New Author (Group Sex): Questions and Feedback Request

Boonter66

Virgin
Joined
Nov 24, 2007
Posts
8
Hi folks!

I'm 'Boonter66'. I am a tech geek with significant experience writing dry technical prose. Although I occasionally work with an editor, I am usually fulfilling the roles of both creator and editor. I also love telling stories, but until now they have all been verbal.

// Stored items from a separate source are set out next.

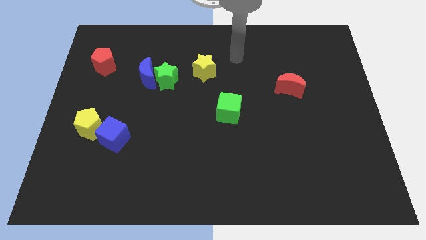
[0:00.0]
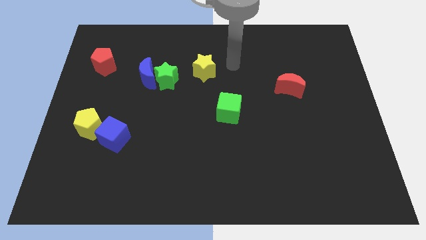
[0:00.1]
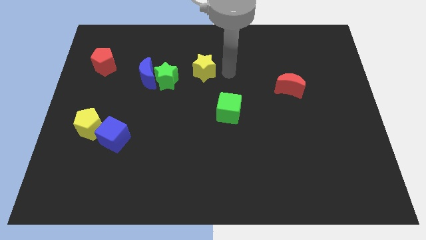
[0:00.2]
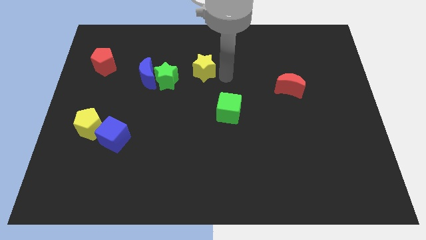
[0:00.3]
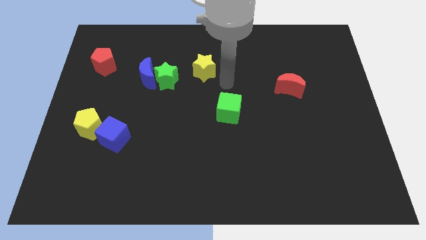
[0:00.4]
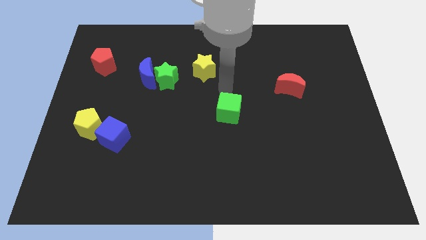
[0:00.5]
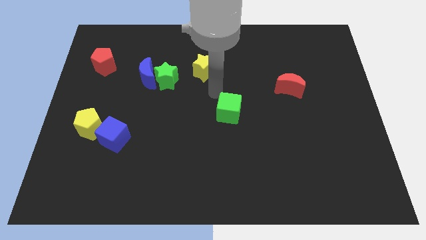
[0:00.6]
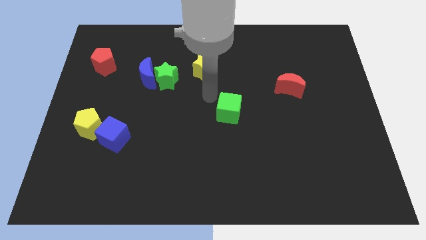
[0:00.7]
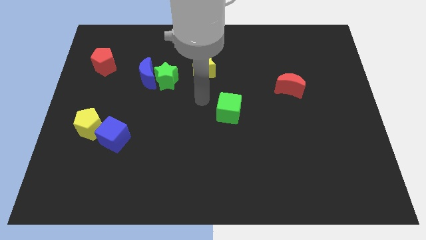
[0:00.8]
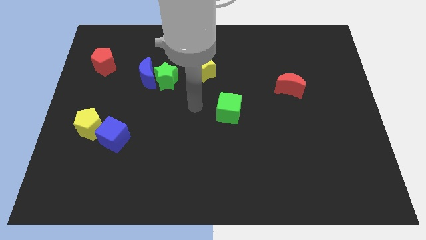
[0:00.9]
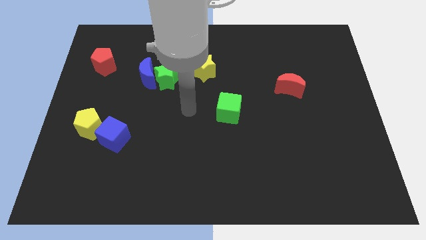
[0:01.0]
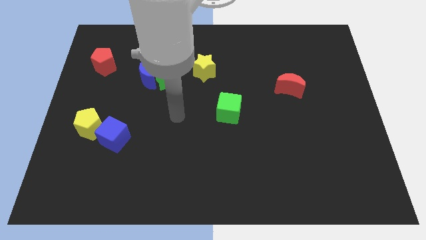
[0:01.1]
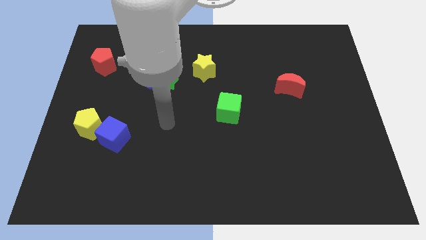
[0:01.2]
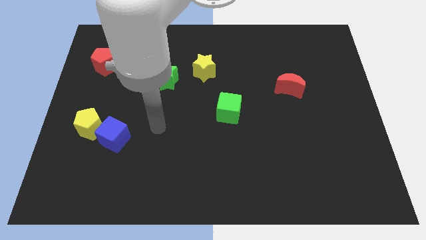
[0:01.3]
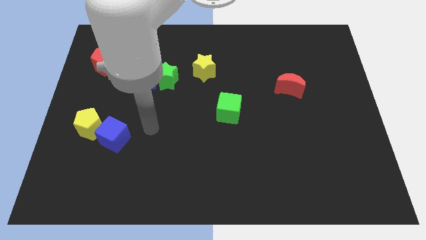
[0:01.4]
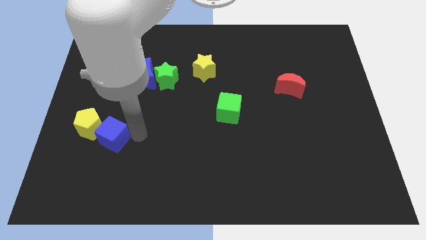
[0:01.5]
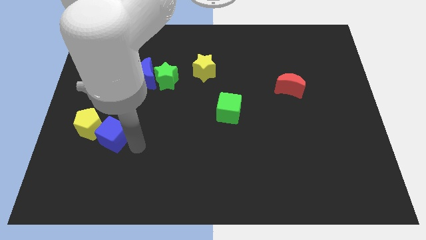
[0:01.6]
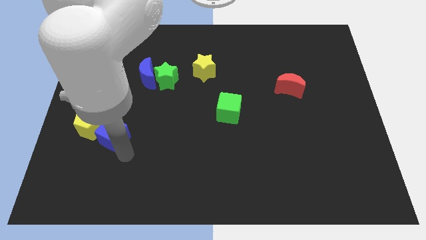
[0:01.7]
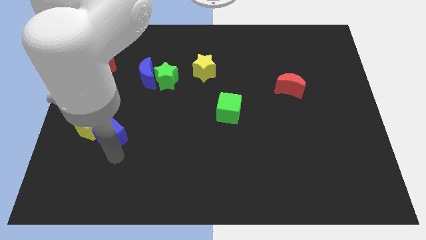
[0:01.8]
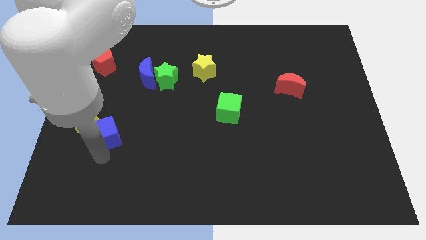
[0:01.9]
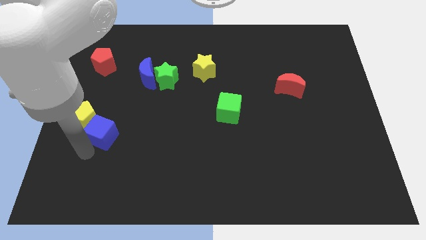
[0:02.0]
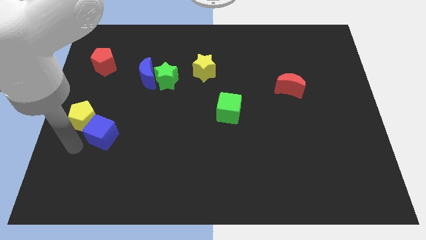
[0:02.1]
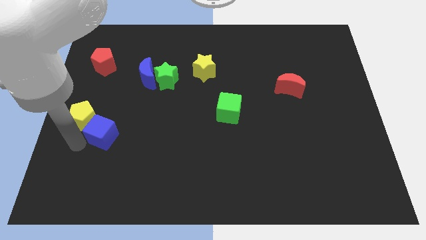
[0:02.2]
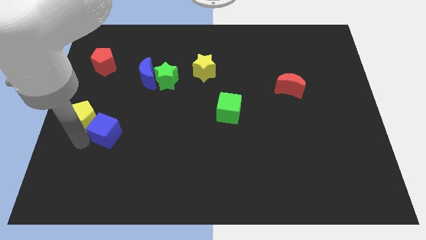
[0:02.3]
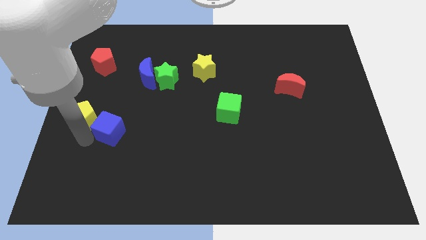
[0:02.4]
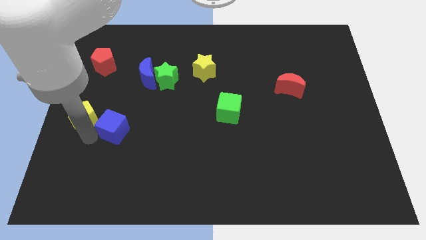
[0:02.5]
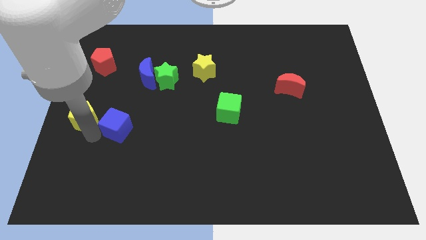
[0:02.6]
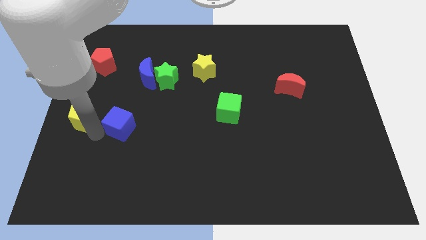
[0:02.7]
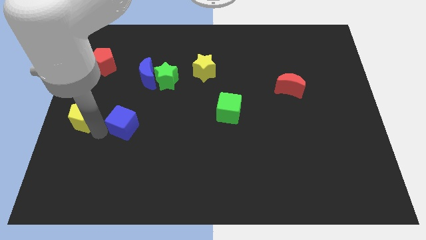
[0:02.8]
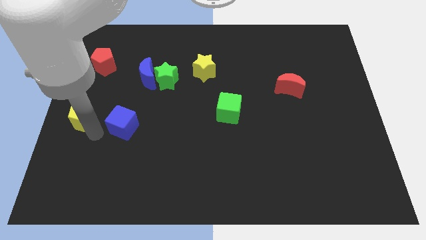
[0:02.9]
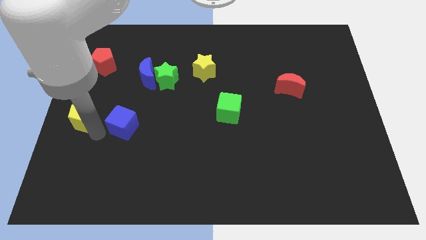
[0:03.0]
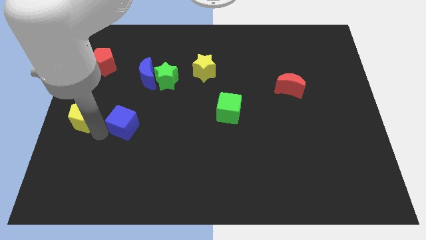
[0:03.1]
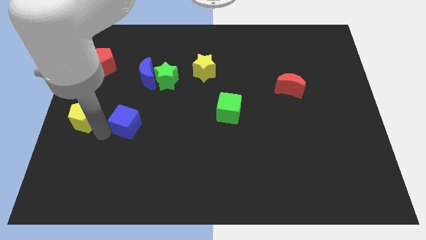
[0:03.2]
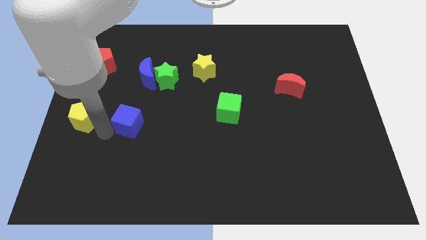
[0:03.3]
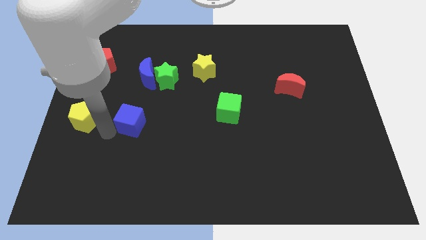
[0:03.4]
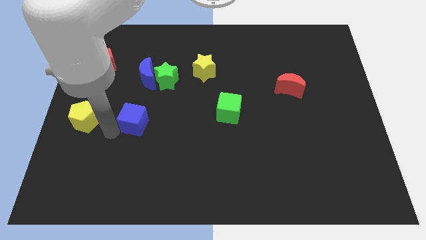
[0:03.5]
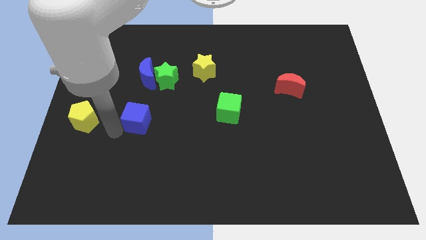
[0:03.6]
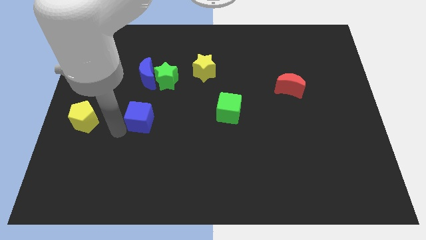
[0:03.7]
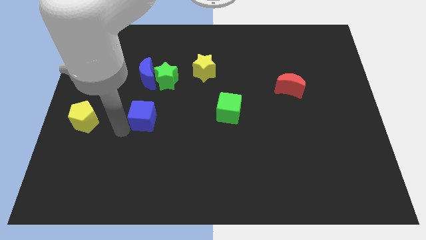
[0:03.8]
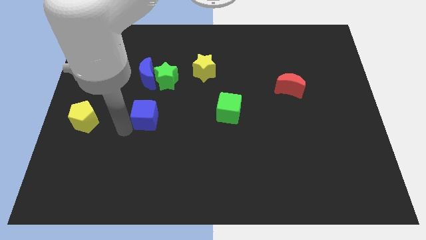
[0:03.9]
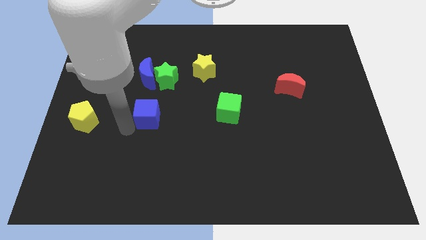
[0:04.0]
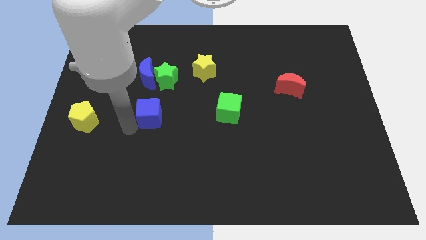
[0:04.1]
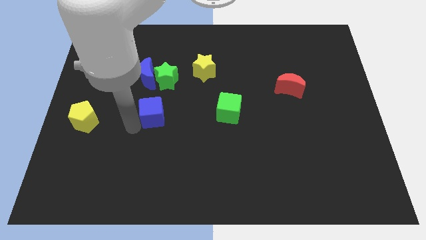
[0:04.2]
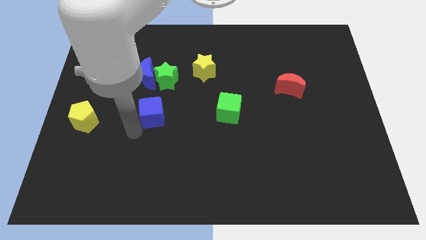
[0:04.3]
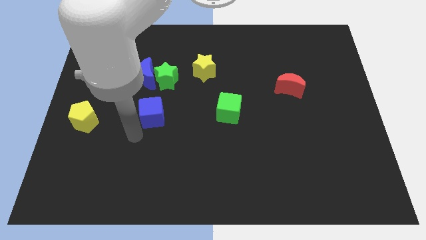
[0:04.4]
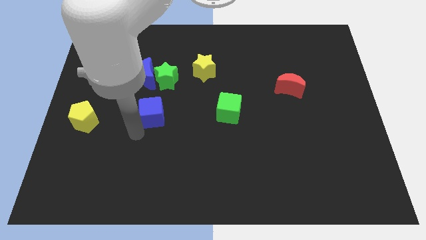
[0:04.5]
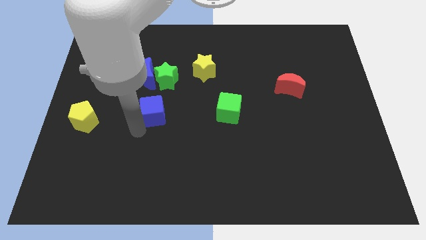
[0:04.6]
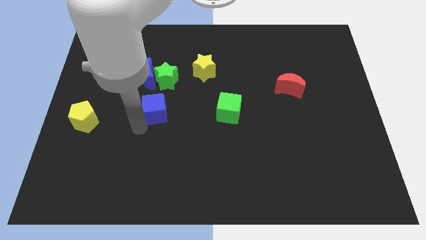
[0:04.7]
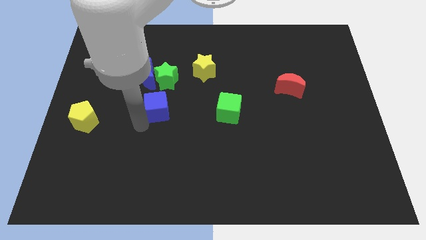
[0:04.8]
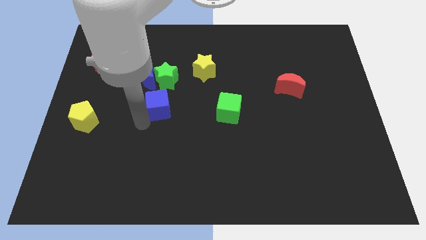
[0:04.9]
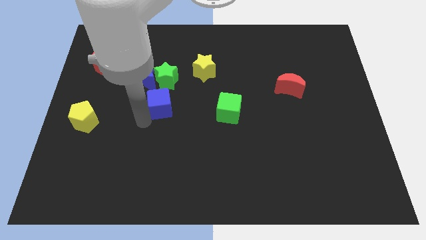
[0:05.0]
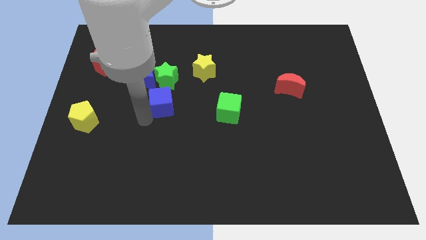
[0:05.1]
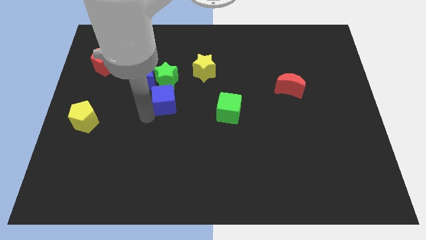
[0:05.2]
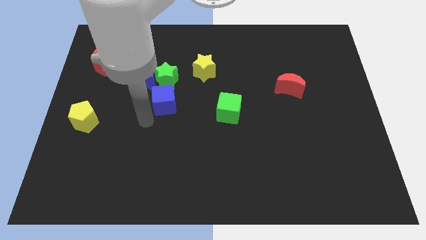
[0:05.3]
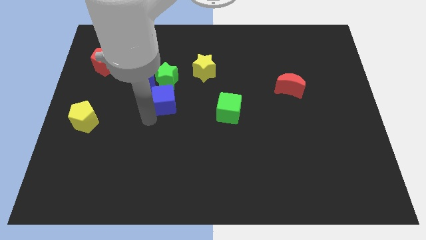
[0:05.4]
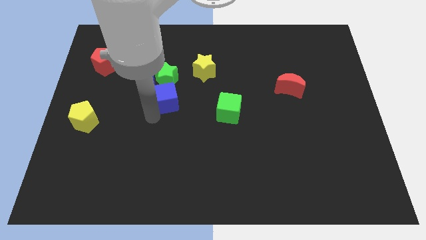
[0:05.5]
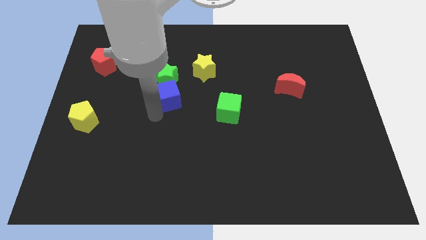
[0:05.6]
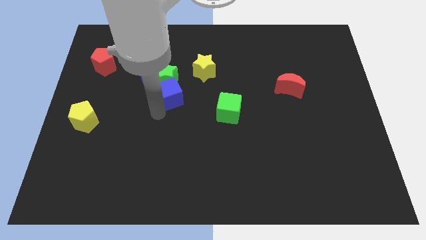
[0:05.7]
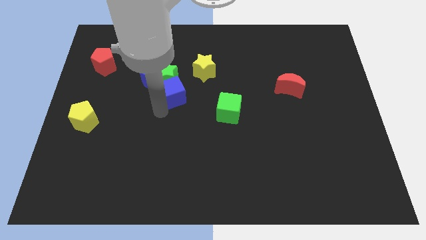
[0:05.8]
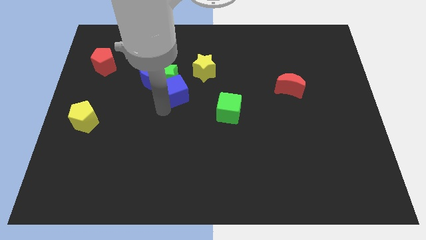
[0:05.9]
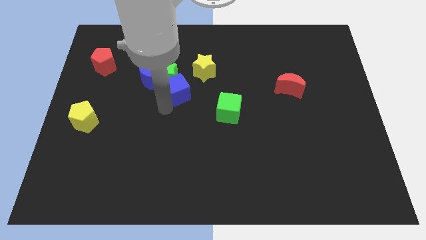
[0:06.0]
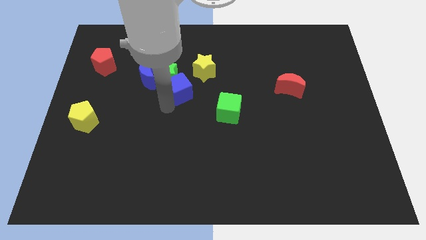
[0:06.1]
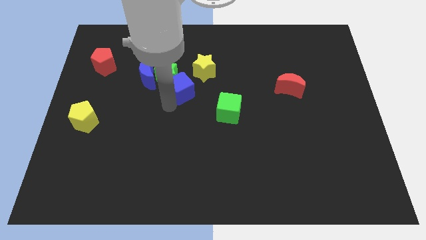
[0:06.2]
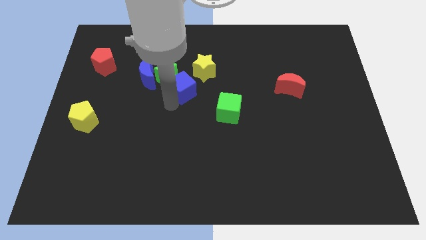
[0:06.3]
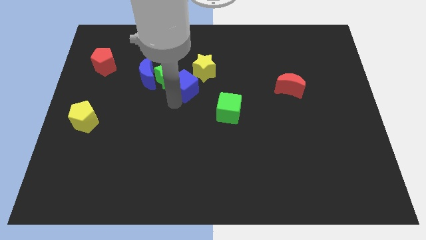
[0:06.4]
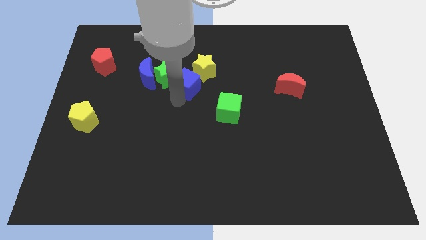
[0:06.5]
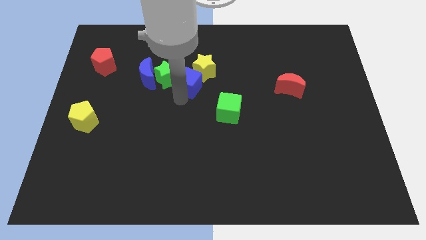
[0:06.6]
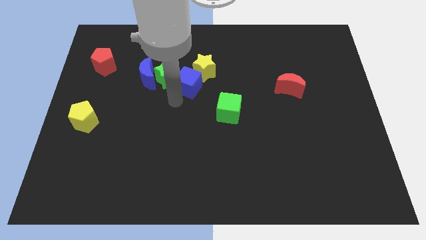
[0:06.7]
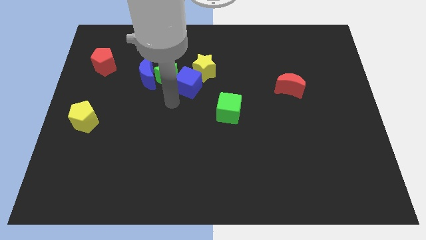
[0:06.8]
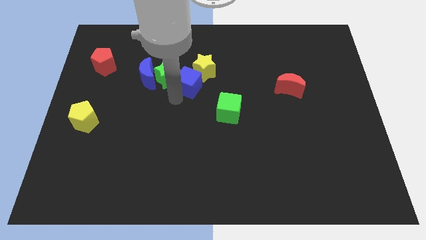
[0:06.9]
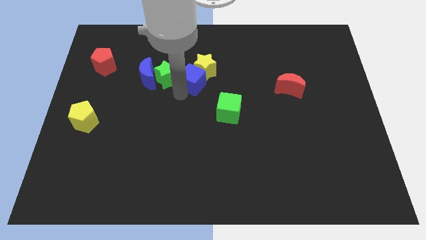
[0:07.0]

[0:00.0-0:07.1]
push the blue cube to the yellow star

I am a long-time fan and reader of Literoticia. I recently joined and now have my first story submissions accepted. I'm pleased with the public feedback (comments and votes) but would like to have some feedback from fellow authors. I also have a couple of questions. My story is in two chapters posted in Group Sex:

Desert Debauchery Ch. 01: http://www.literotica.com/stories/showstory.php?id=339998
--and--
Desert Debauchery Ch. 02: http://www.literotica.com:81/stories/showstory.php?id=340050

First, I notice there are almost 9,000 hits on the first chapter, but over 16,000 hits on the second chapter. Since these chapters are 'scenes' of the same play, why would so many hit on only the second chapter? The 'middle' just seems like a poor starting place. What am I missing?

I am very pleased with the public comments on the first chapter, but there is no response to the second chapter. Can you folks help me understand the differences?

I would sincerely appreciated any comments about the story, plot and / or structure.

I do see and wish to fix the couple of typos that snuck through. How can I do that?

Many Thanks and Happy New Year to All,

Boonter66
 
Last edited:
First, to fix the typo, make the corrections and resubmit the story and add the word "EDIT" to the title. The story will appear in the corrected version in 7-10 days.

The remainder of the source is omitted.